Line graph showing the adoption of TLS1.3 and TLS1.2 from 2021 to 2023

Figure 7 — TLS adoption. Source: Mozilla Firefox Telemetry

  • Nearly two-thirds of the world’s Internet registries that run country-code domain names (ccTLDs) have adopted DNSSEC (Figure 8) to provide an additional level of security using cryptographic techniques to validate the authenticity of its DNS information.
Line graph showing the adoption of DNSSEC by ccTLDs

Figure 8 — DNSSEC adoption by ccTLDs. Source: DNS, APNIC Labs.

  • Partiale and full route validation nearly doubled for the year (Figure 9). Route validation is the process of checking that the announcements being received between routers are legitimate, thus reducing the risk of traffic being dropped, inspected, or diverted. Learn more about routing security.
Line graph showing the adoption of route validation from 2022 to 2023.

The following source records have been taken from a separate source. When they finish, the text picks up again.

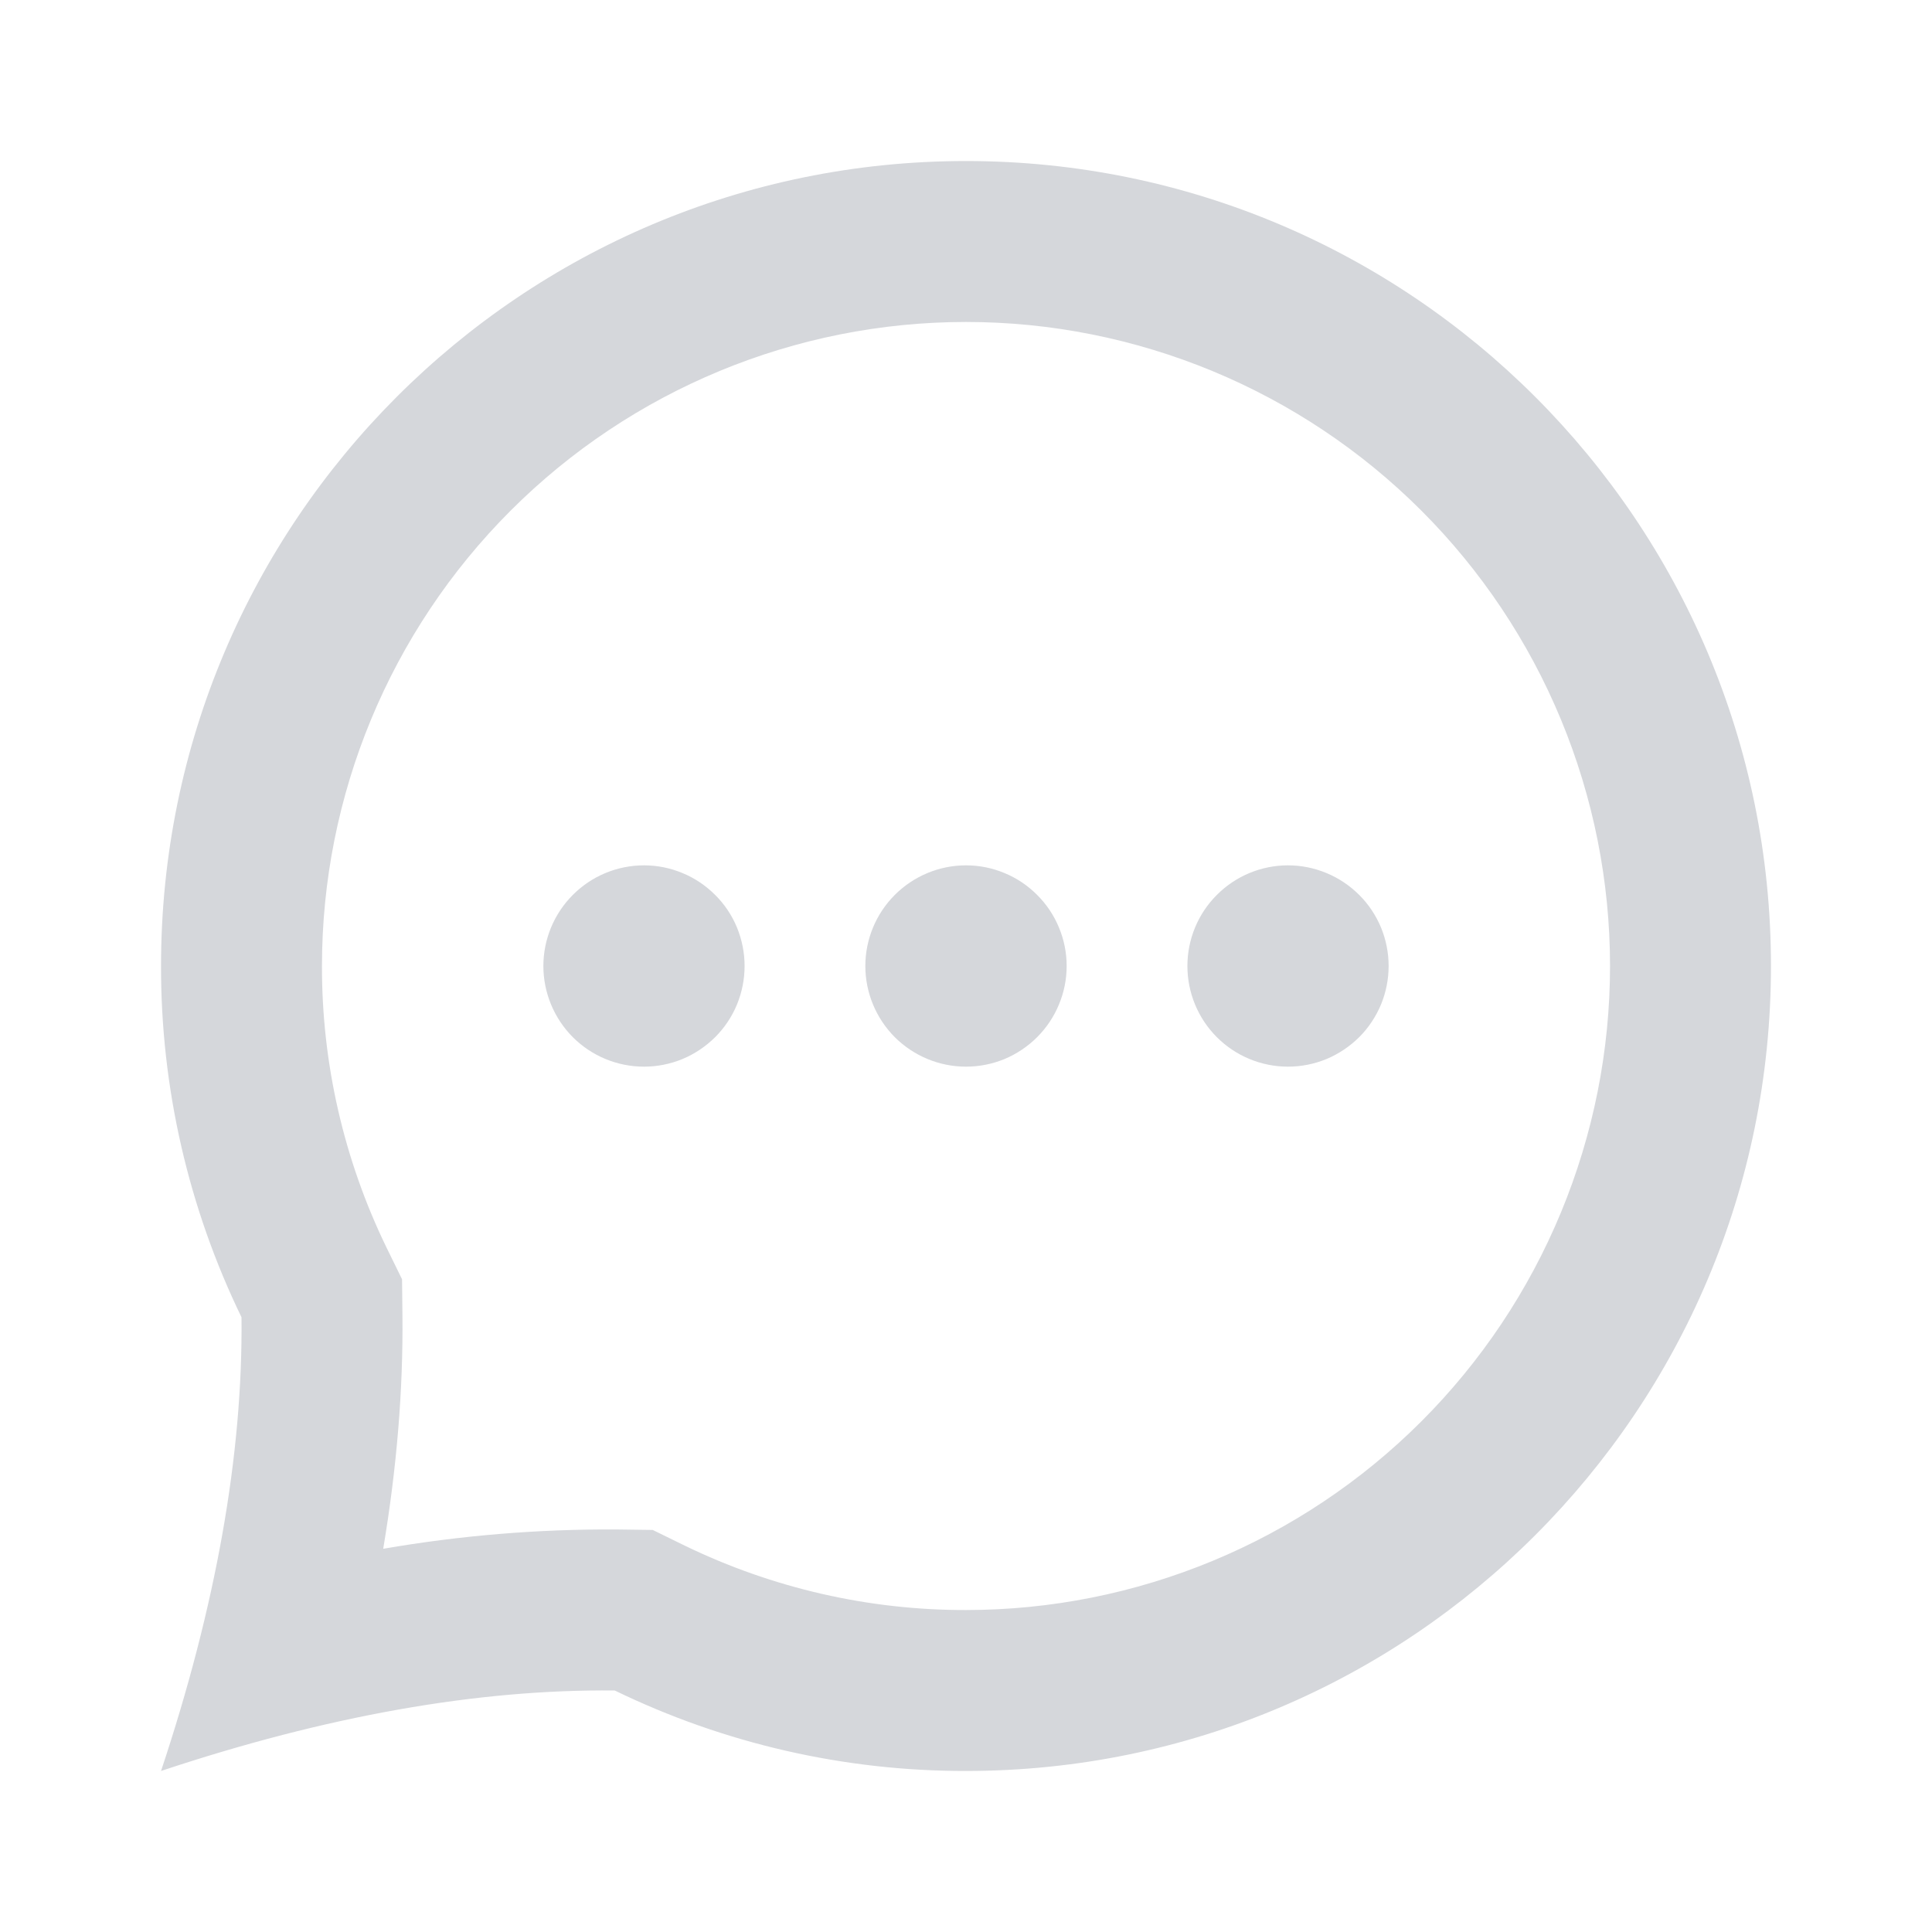 <svg width="20" height="20" viewBox="0 0 20 20" fill="none" xmlns="http://www.w3.org/2000/svg">
<path d="M10 1.667C14.602 1.667 18.333 5.398 18.333 10C18.333 14.603 14.602 18.333 10 18.333C8.74 18.335 7.497 18.05 6.364 17.5C4.945 17.485 3.379 17.763 1.667 18.333C2.237 16.621 2.515 15.055 2.5 13.636C1.95 12.503 1.665 11.26 1.667 10C1.667 5.398 5.397 1.667 10 1.667ZM10 3.333C8.232 3.333 6.536 4.036 5.286 5.286C4.036 6.536 3.333 8.232 3.333 10C3.331 11.007 3.559 12.002 3.998 12.908L4.162 13.243L4.166 13.617C4.174 14.392 4.107 15.198 3.967 16.033C4.765 15.895 5.573 15.828 6.383 15.833L6.757 15.838L7.092 16.002C7.999 16.441 8.993 16.669 10 16.667C10.875 16.667 11.742 16.494 12.551 16.159C13.36 15.824 14.095 15.333 14.714 14.714C15.333 14.095 15.824 13.36 16.159 12.551C16.494 11.742 16.667 10.876 16.667 10C16.667 9.125 16.494 8.258 16.159 7.449C15.824 6.64 15.333 5.905 14.714 5.286C14.095 4.667 13.36 4.176 12.551 3.841C11.742 3.506 10.875 3.333 10 3.333ZM6.667 8.958C6.803 8.958 6.939 8.985 7.065 9.038C7.192 9.09 7.306 9.167 7.403 9.264C7.5 9.36 7.577 9.475 7.629 9.601C7.681 9.728 7.708 9.863 7.708 10C7.708 10.137 7.681 10.272 7.629 10.399C7.577 10.525 7.5 10.64 7.403 10.737C7.306 10.833 7.192 10.91 7.065 10.963C6.939 11.015 6.803 11.042 6.667 11.042C6.39 11.042 6.125 10.932 5.93 10.737C5.735 10.541 5.625 10.276 5.625 10C5.625 9.724 5.735 9.459 5.93 9.264C6.125 9.068 6.39 8.958 6.667 8.958ZM10 8.958C10.137 8.958 10.272 8.985 10.399 9.038C10.525 9.09 10.64 9.167 10.736 9.264C10.833 9.36 10.91 9.475 10.962 9.601C11.015 9.728 11.042 9.863 11.042 10C11.042 10.137 11.015 10.272 10.962 10.399C10.91 10.525 10.833 10.64 10.736 10.737C10.64 10.833 10.525 10.91 10.399 10.963C10.272 11.015 10.137 11.042 10 11.042C9.724 11.042 9.459 10.932 9.263 10.737C9.068 10.541 8.958 10.276 8.958 10C8.958 9.724 9.068 9.459 9.263 9.264C9.459 9.068 9.724 8.958 10 8.958ZM13.333 8.958C13.47 8.958 13.605 8.985 13.732 9.038C13.858 9.09 13.973 9.167 14.07 9.264C14.167 9.36 14.243 9.475 14.296 9.601C14.348 9.728 14.375 9.863 14.375 10C14.375 10.137 14.348 10.272 14.296 10.399C14.243 10.525 14.167 10.64 14.07 10.737C13.973 10.833 13.858 10.91 13.732 10.963C13.605 11.015 13.47 11.042 13.333 11.042C13.057 11.042 12.792 10.932 12.597 10.737C12.401 10.541 12.292 10.276 12.292 10C12.292 9.724 12.401 9.459 12.597 9.264C12.792 9.068 13.057 8.958 13.333 8.958Z" fill="#D5D7DB"/>
</svg>
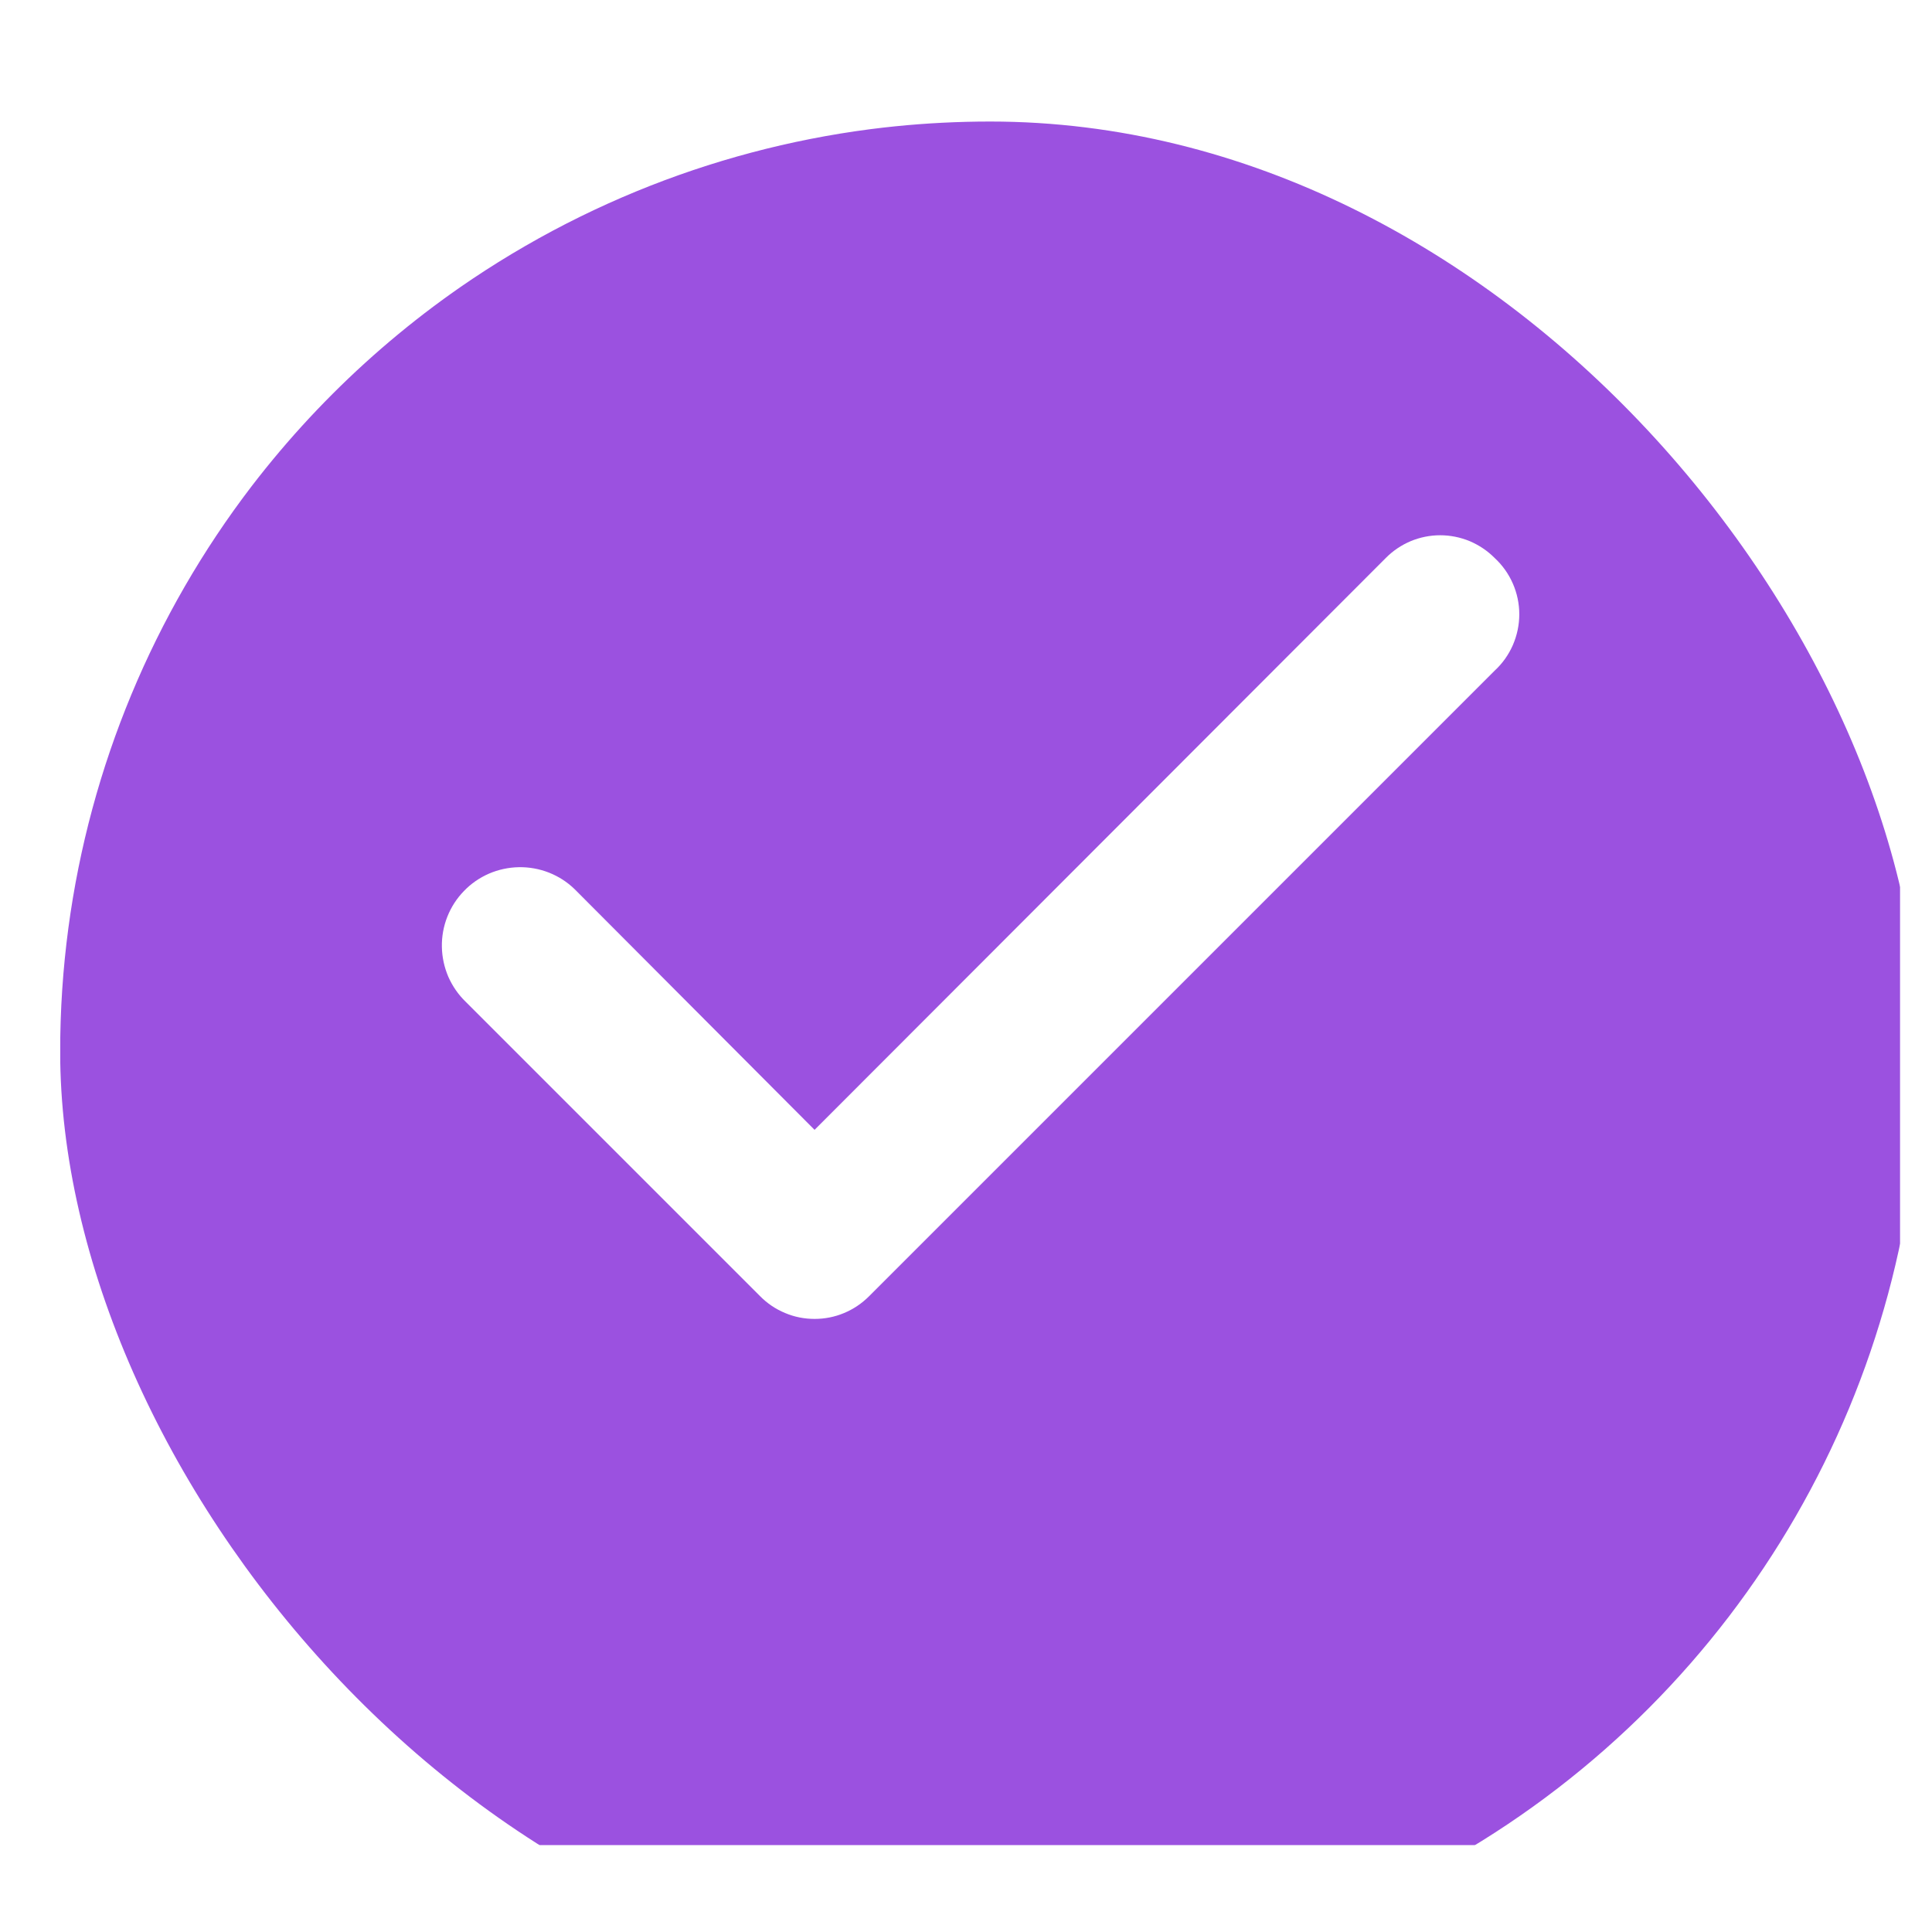 <svg width="21" height="21" viewBox="0 0 21 21" fill="none" xmlns="http://www.w3.org/2000/svg">
<g clip-path="url(#clip0_5494_217)">
<g filter="url(#filter0_d_5494_217)">
<g clip-path="url(#clip1_5494_217)">
<circle cx="10.763" cy="10.165" r="10.109" fill="#9B51E0"/>
</g>
</g>
<path d="M16.246 6.065C16.169 5.987 16.076 5.925 15.975 5.882C15.873 5.84 15.764 5.818 15.654 5.818C15.544 5.818 15.435 5.84 15.334 5.882C15.232 5.925 15.14 5.987 15.063 6.065L8.854 12.281L6.246 9.665C6.166 9.587 6.071 9.526 5.967 9.485C5.862 9.444 5.751 9.424 5.64 9.426C5.528 9.428 5.417 9.452 5.315 9.496C5.212 9.541 5.119 9.605 5.042 9.686C4.964 9.766 4.903 9.861 4.862 9.965C4.821 10.069 4.801 10.18 4.803 10.292C4.805 10.404 4.829 10.514 4.873 10.617C4.918 10.719 4.982 10.812 5.063 10.89L8.263 14.09C8.34 14.168 8.432 14.23 8.534 14.272C8.635 14.315 8.744 14.336 8.854 14.336C8.964 14.336 9.073 14.315 9.175 14.272C9.276 14.23 9.368 14.168 9.446 14.09L16.246 7.29C16.331 7.212 16.398 7.117 16.444 7.012C16.49 6.906 16.514 6.792 16.514 6.677C16.514 6.562 16.49 6.448 16.444 6.343C16.398 6.238 16.331 6.143 16.246 6.065V6.065Z" fill="white"/>
</g>
<defs>
<filter id="filter0_d_5494_217" x="-1.873" y="-1.207" width="25.272" height="25.272" filterUnits="userSpaceOnUse" color-interpolation-filters="sRGB">
<feFlood flood-opacity="0" result="BackgroundImageFix"/>
<feColorMatrix in="SourceAlpha" type="matrix" values="0 0 0 0 0 0 0 0 0 0 0 0 0 0 0 0 0 0 127 0" result="hardAlpha"/>
<feOffset dy="1.264"/>
<feGaussianBlur stdDeviation="1.264"/>
<feColorMatrix type="matrix" values="0 0 0 0 0 0 0 0 0 0 0 0 0 0 0 0 0 0 0.05 0"/>
<feBlend mode="normal" in2="BackgroundImageFix" result="effect1_dropShadow_5494_217"/>
<feBlend mode="normal" in="SourceGraphic" in2="effect1_dropShadow_5494_217" result="shape"/>
</filter>
<clipPath id="clip0_5494_217">
<rect width="20" height="20" fill="white" transform="translate(0.654 0.057)"/>
</clipPath>
<clipPath id="clip1_5494_217">
<rect x="0.654" y="0.057" width="20.218" height="20.218" rx="10.109" fill="white"/>
</clipPath>
</defs>
</svg>

Figure 9 — Global deployment of Route Validation. Source: RoVista.

Predictions for 2024

Based on these trends from 2023, we expect to see most of these metrics trending in a similar direction in 2024. Areas that we expect to see the greatest movement and plan to concentrate more effort on are:

  • Internet shutdowns: we expect to see an increased number of election-related Internet shutdowns, given that more than 100 elections across 67 countries are planned for 2024. See our election-related shutdown tracker to see the risk of shutdowns happening in your country.
  • More countries are following the leads of Australia, Taiwan, and the UK and implementing policies and plans to improve their Internet resilience in response to large-scale outages in their countries. Read:Internet outages a case of if, not when 
  • More regions are following the lead of Europe and discussing or implementing data protection laws that require localized critical infrastructure.
  • IPv6, especially in developing countries with large populations, such as Bangladesh, Indonesia, and Pakistan, as they increase their adoption rates.
  • Routing security, specifically more examples of networks reducing the impact of routing incidents on their and their customer’s networks because they have deployed best current practices.